スポーツと株価
 
 一見なんの関係もないように見えるこの2者だが、実は大いに関連がある事が知られている。
 アメリカでは、ベテランのファンドマネージャは毎年1月末に行われる、スーパーボウルに注目する。スーパーボウルとはアメリカンフットボウルのワールドシリーズと言えば解りやすいかもしれない(読者の方の中には怒りだす方もいるかもしれない)。アメリカのアメリカンフットボウルのリーグにはAFC(アメリカンフットボウルカンファレンス)とNFC(ナショナルフットボウルカンファレンス)の2つがある。スーパーボウルは、そのそれぞれのリーグの優勝チームが世界一を掛けて争う試合の事である。このスーパーボウルでNFCのチームが勝てば、その年の株式市場は値上がり、AFCのチームが勝った場合には値下がりと決まっているのである。

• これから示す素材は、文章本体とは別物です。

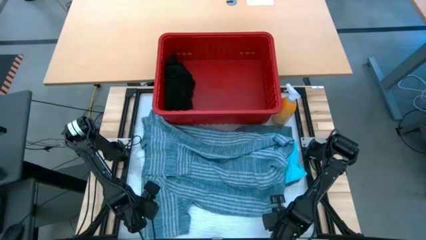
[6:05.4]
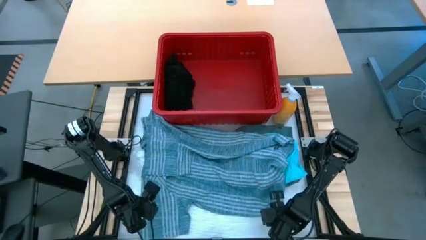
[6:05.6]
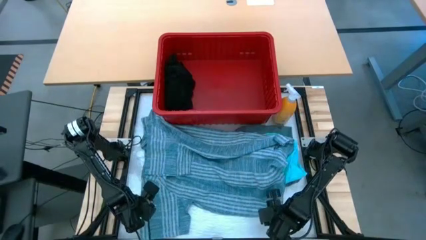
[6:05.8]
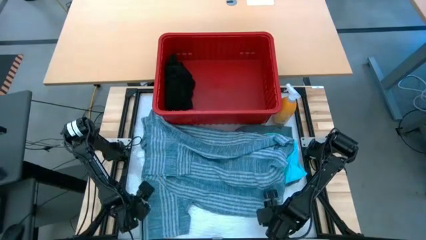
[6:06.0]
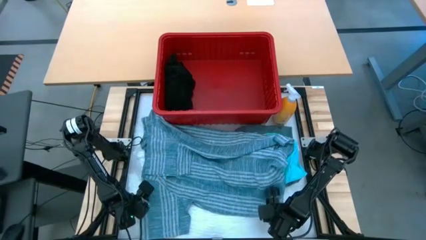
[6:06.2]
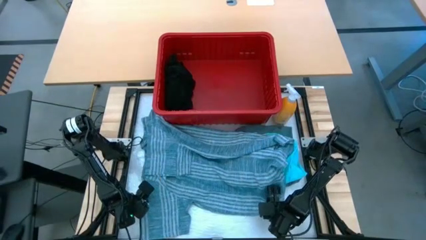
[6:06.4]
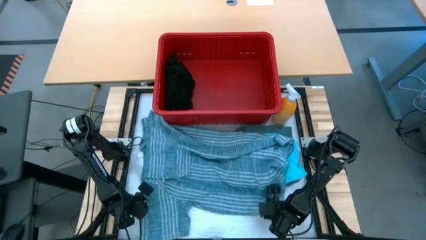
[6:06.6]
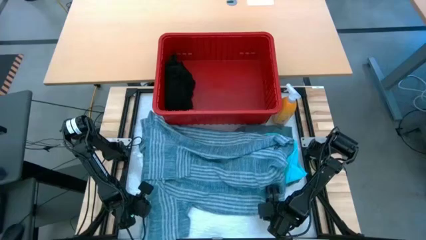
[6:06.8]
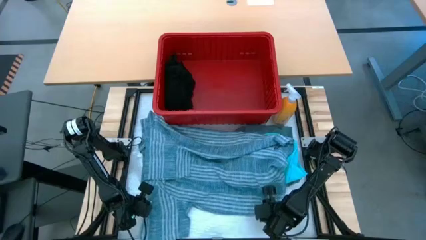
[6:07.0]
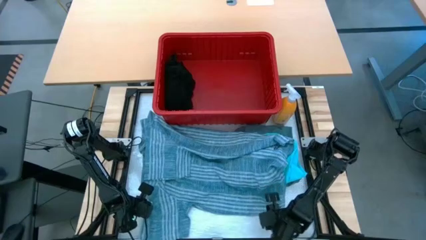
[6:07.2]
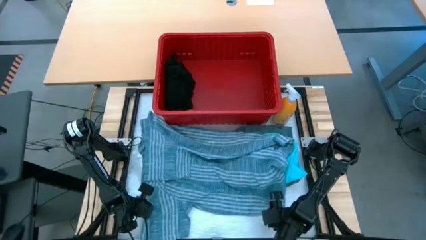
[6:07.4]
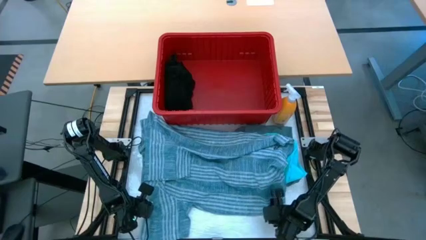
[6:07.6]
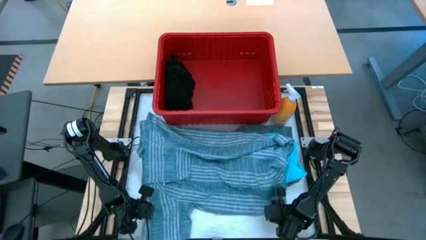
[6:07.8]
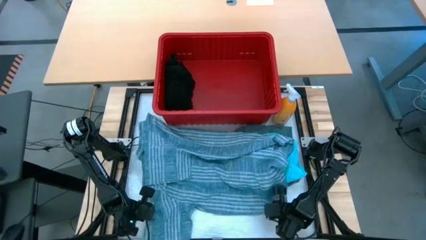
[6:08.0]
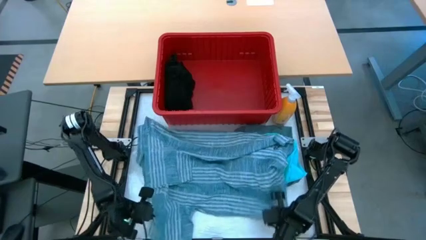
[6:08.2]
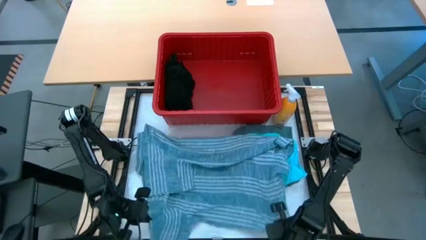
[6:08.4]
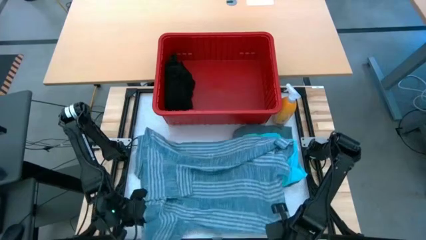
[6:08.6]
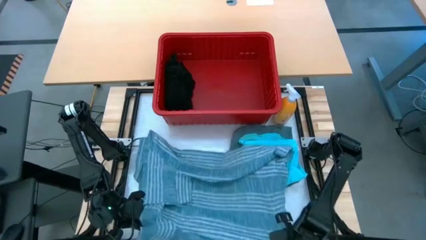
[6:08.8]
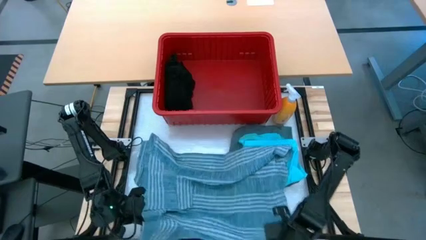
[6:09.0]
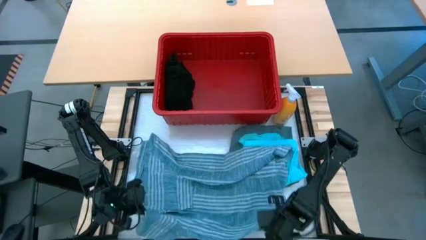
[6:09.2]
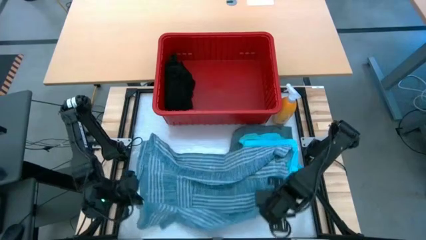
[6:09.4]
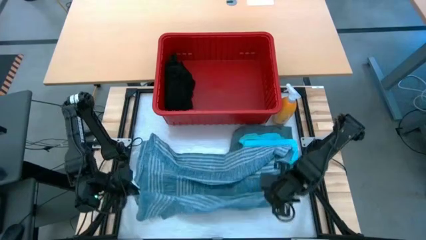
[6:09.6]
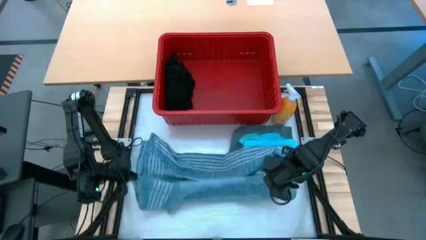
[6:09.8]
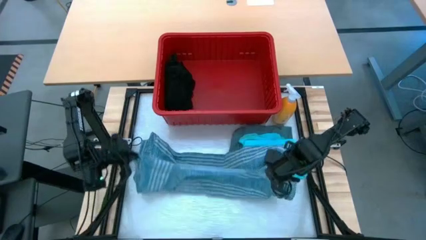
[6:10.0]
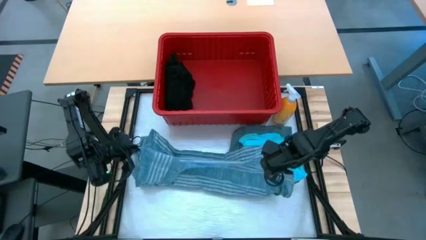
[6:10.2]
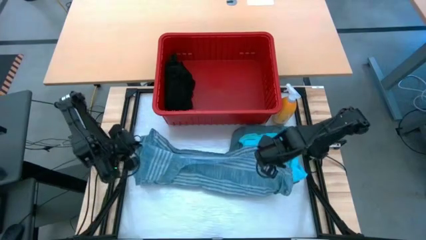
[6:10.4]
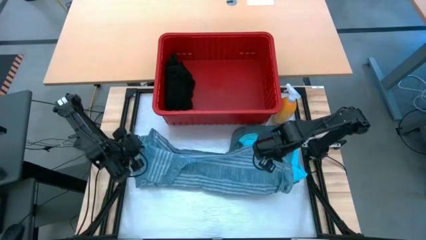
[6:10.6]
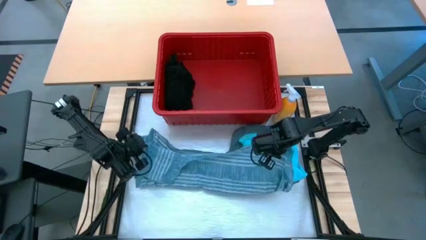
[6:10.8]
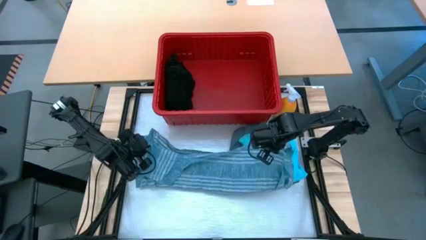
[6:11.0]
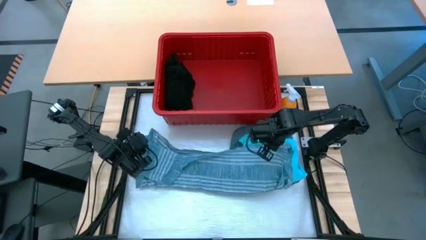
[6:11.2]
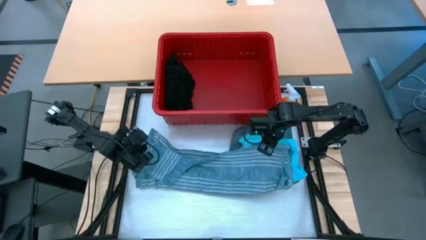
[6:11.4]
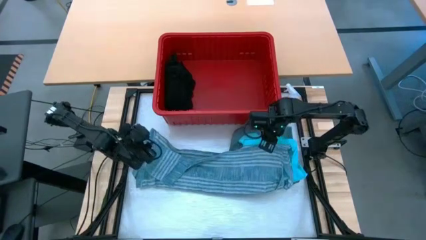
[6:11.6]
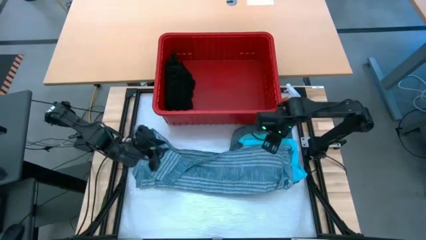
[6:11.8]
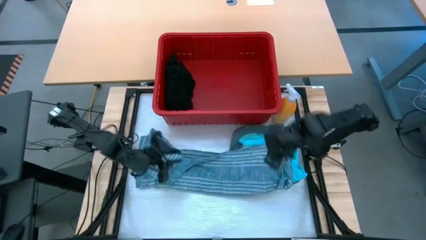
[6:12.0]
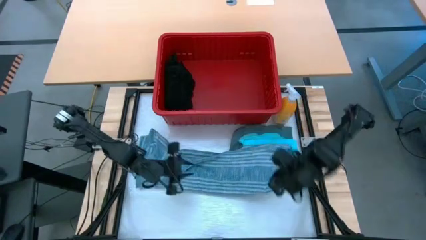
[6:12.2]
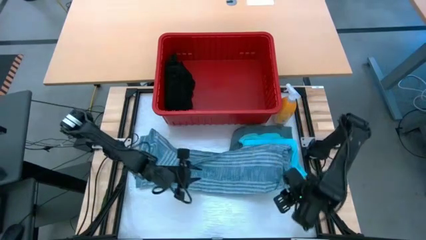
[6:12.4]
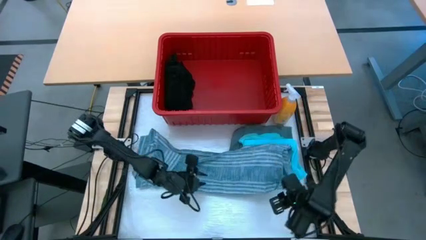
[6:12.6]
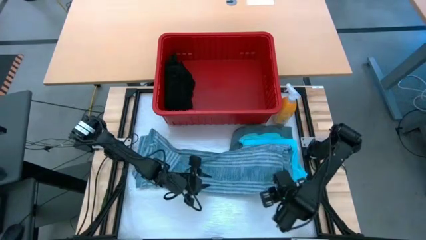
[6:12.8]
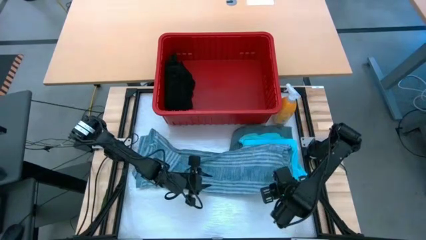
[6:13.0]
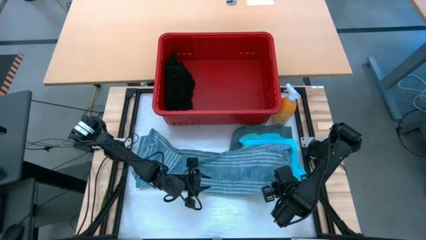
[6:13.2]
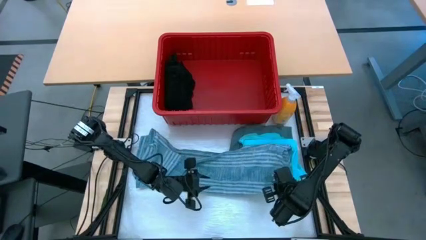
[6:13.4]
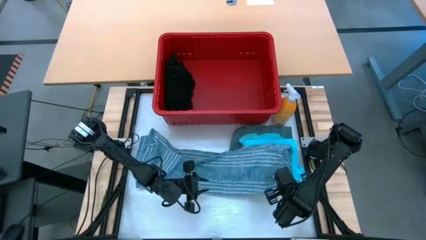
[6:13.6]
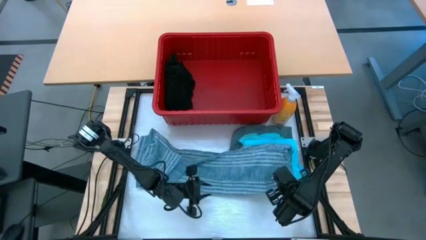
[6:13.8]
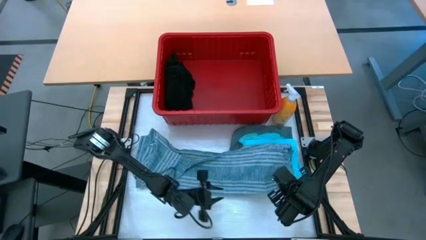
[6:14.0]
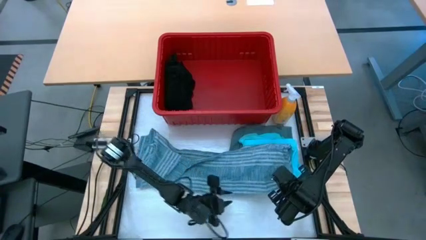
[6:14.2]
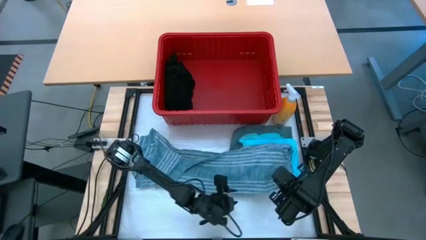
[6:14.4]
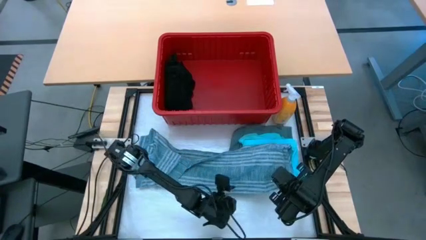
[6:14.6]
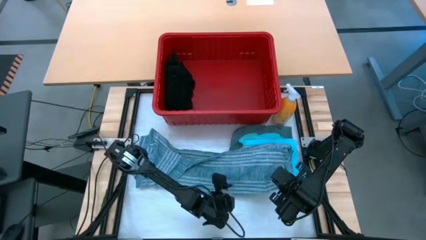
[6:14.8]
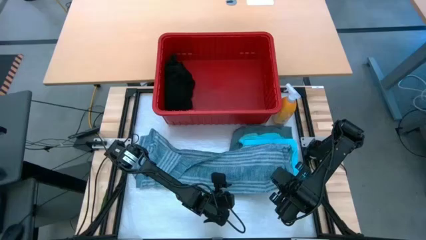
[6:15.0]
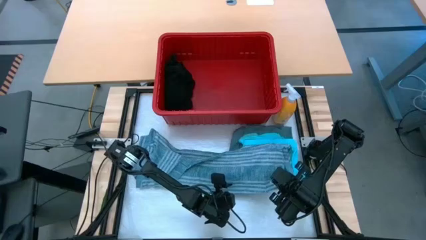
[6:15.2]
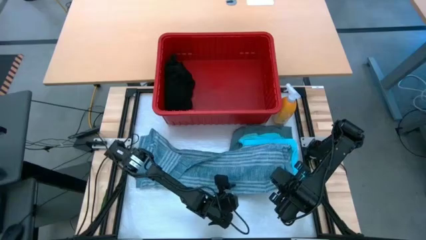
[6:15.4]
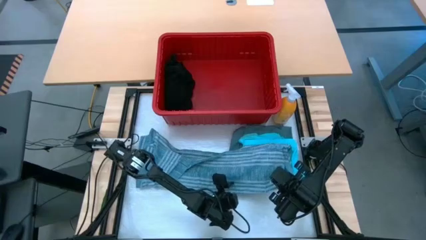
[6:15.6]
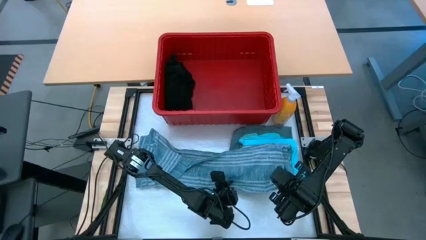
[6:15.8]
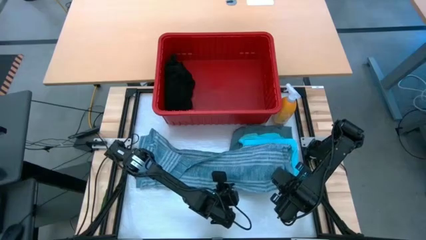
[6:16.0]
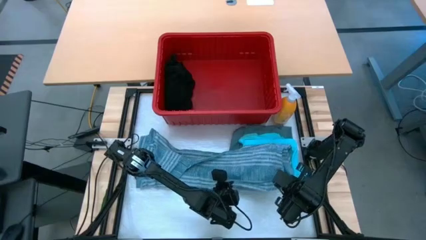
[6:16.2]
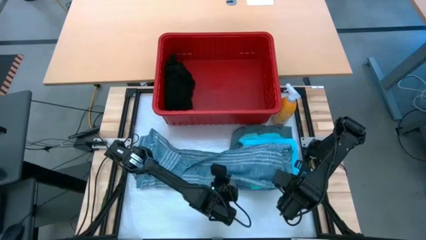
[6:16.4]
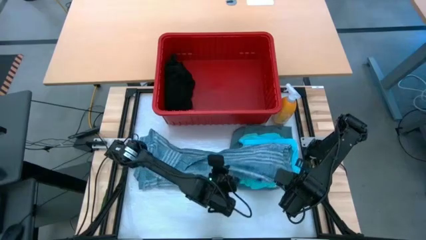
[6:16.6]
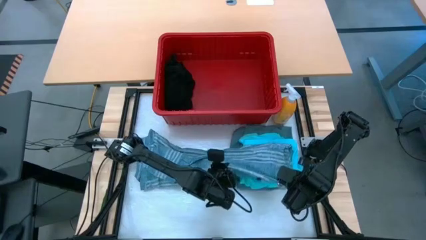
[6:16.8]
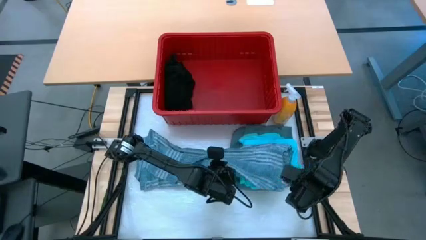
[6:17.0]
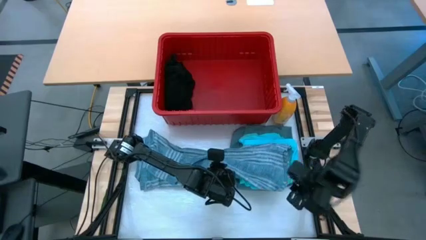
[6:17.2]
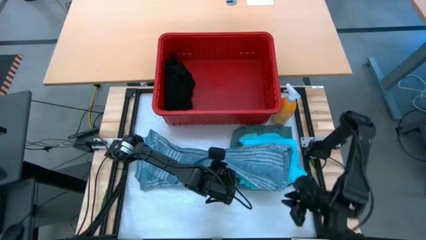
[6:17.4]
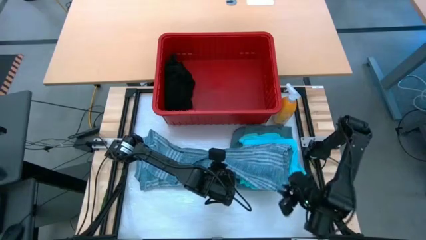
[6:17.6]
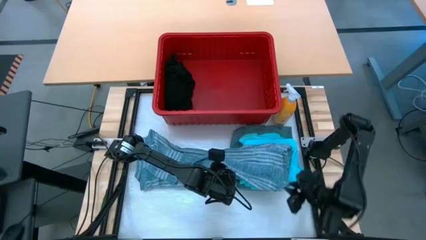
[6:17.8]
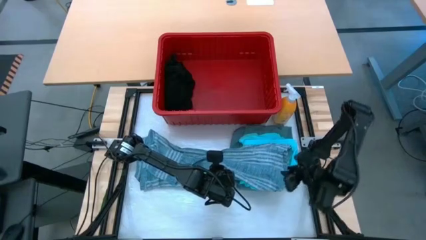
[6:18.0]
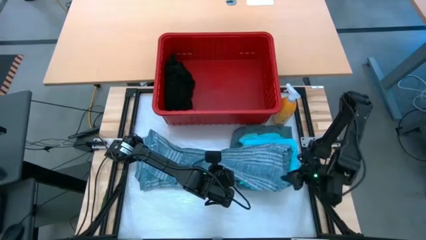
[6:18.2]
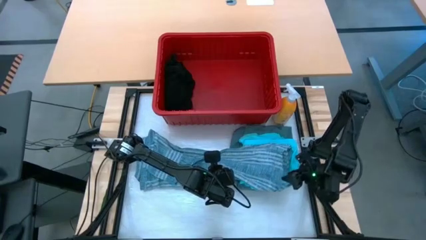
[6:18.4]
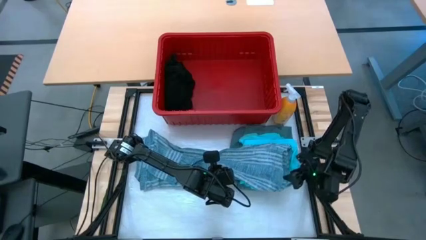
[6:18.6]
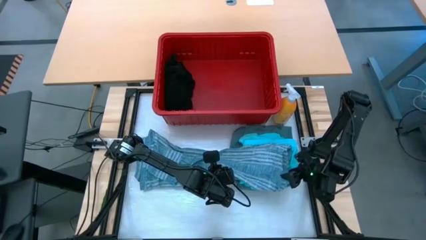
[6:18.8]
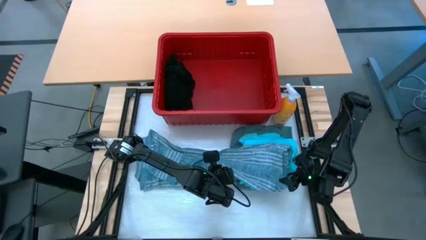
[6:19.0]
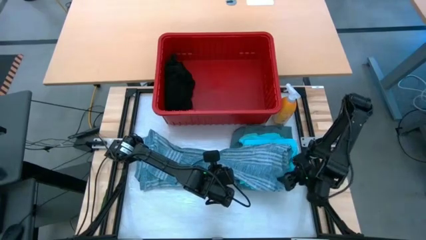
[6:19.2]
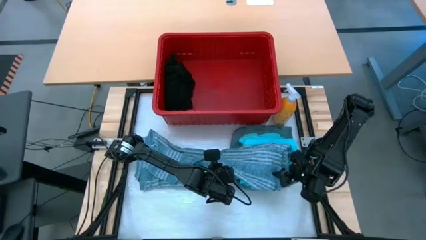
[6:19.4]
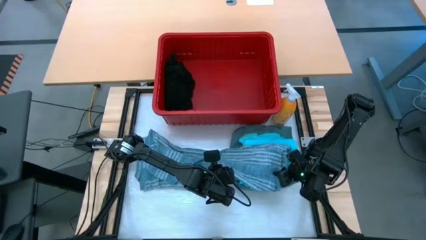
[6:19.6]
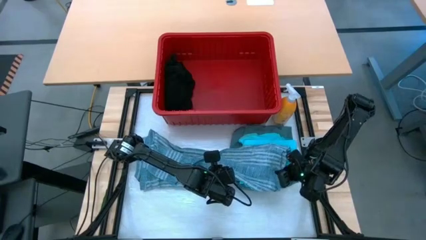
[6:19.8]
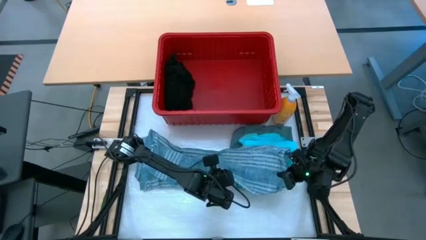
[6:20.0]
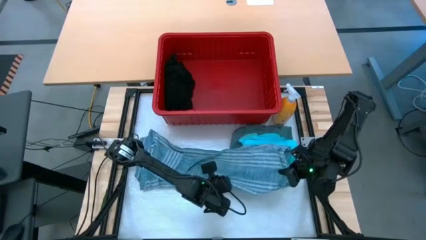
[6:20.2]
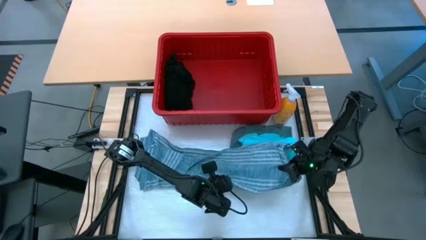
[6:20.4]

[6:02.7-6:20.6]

 ’90年代では’98年’99年を除いてNFCのチームが勝ち続けている。株価もひたすら上昇を続け、この10年でダウ平均株価は10倍近い値上がりを示した。しかし’98年には、大方の予想を破ってAFCのチームが優勝し、既に1万ドルの大台を越えていたダウ平均株価は一時6000ドル台へ急落しバブル崩壊か?などと騒がれた。この指数の的中率は過去100年でなんと89%というから馬鹿に出来ない。もしあなたが、でたらめに100回コインを投げてその裏表を89回言い当てられたら、これは超能力者の仲間入りだ。(もし、思い当たる方がいらっしゃいましたら筆者までご連絡願います。一緒に億万長者になりましょう。)
 近年、日本の株価もダウ平均株価追従などと言われて久しいので、アメリカの株価予測の話も無視できない。しかし、この日本にはアメリカを上回る確率を示すもっとすごい関連を示すスポーツがある。それはプロ野球のセリ−グである。その年、中日が優勝すれば日経平均株価が大相場を示すというものである。そしてその的中率はなんと100%なのである。中日は過去4回の優勝をしている、そのいずれの年も大相場で株を持っている人は例外なく大きな儲けを手に出来る年なのである。
 記憶に新しいところでは、’99年の中日優勝が挙げられる。この年の初め日経平均株価は1万3000円あたりをうろついていた、誰の目にも株価が上がる要素などどこにも無いように思えた。しかしそれは店頭市場からひそかに始まった。半信半疑の中じわじわと上がり続け、誰にも止められなくなっていった。そして春先には店頭市場は15連騰、そしてバブル期の記録をも打ち破る21連騰をみせた(21連騰って一ヶ月以上ずっと上げ続けたってことですよ!)。そしてその投資マネーはついに店頭市場だけでは処理しきれなくなり、2部市場、1部市場の暴騰へと繋がったのである。その結果、’99年末の日経平均株価は2万円にもなったのだ。
 ところで、懸命な読者ならもうお気づきの事と思われるが、この指標には大きな欠点があるのだ。それは中日の優勝が確定的になった時にはすでに、市場で儲けられるチャンスが殆ど終わっているかもしれないのだ。実に残念な指標だ。
 巷では、「巨人が優勝すると株価が上がる」、「自民党が選挙で勝つと株価が上がる」などという事がよく言われています。しかし、これらは調べてみればすぐに解ることですが、まったくのデタラメです。騙されないようにしましょう。